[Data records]
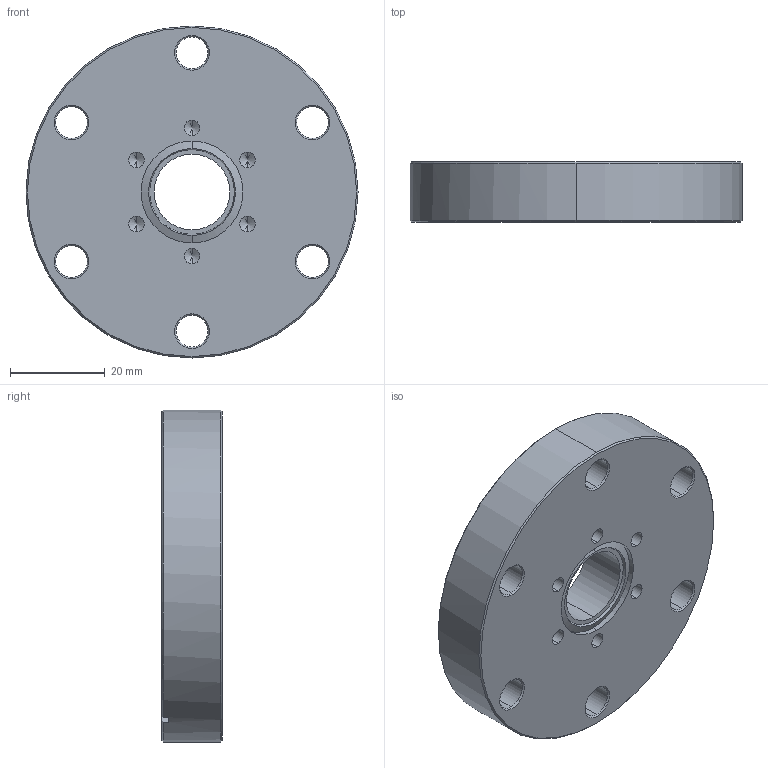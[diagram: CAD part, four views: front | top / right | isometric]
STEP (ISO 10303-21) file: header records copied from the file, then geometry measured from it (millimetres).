
FILE_DESCRIPTION (( 'STEP AP214' ), '1' );
FILE_NAME ('Hositrad_CFA35-16D.STEP', '2017-03-10T17:15:30', ( 'Gebruiker' ), ( '' ), 'SwSTEP 2.0', 'SolidWorks 2017', '' );
FILE_SCHEMA (( 'AUTOMOTIVE_DESIGN' ));
Length unit declared in the file: millimetre
Products named in the file (1): Hositrad_CFA35-16D
Bounding box: 70 x 12.7 x 70 mm (x, y, z)
Volume: 40978.3 mm3; surface area: 12724.8 mm2
Topology: 1 solids, 1 shells, 88 faces, 207 edges, 116 vertices
Faces by surface type: cone 49, cylinder 32, plane 7
Entity records: 2756 total; most frequent: DIRECTION 476, CARTESIAN_POINT 406, ORIENTED_EDGE 390, EDGE_CURVE 195, AXIS2_PLACEMENT_3D 194, VERTEX_POINT 116, EDGE_LOOP 109, CIRCLE 105

● What is being asked
Your answer must restate the entries word for word and contain no pictures.

● Reply to the task
[diagram: CAD part, four views: front | top / right | isometric]
STEP (ISO 10303-21) file: header records copied from the file, then geometry measured from it (millimetres).
FILE_DESCRIPTION (( 'STEP AP214' ), '1' );
FILE_NAME ('Hositrad_CFA35-16D.STEP', '2017-03-10T17:15:30', ( 'Gebruiker' ), ( '' ), 'SwSTEP 2.0', 'SolidWorks 2017', '' );
FILE_SCHEMA (( 'AUTOMOTIVE_DESIGN' ));
Length unit declared in the file: millimetre
Products named in the file (1): Hositrad_CFA35-16D
Bounding box: 70 x 12.7 x 70 mm (x, y, z)
Volume: 40978.3 mm3; surface area: 12724.8 mm2
Topology: 1 solids, 1 shells, 88 faces, 207 edges, 116 vertices
Faces by surface type: cone 49, cylinder 32, plane 7
Entity records: 2756 total; most frequent: DIRECTION 476, CARTESIAN_POINT 406, ORIENTED_EDGE 390, EDGE_CURVE 195, AXIS2_PLACEMENT_3D 194, VERTEX_POINT 116, EDGE_LOOP 109, CIRCLE 105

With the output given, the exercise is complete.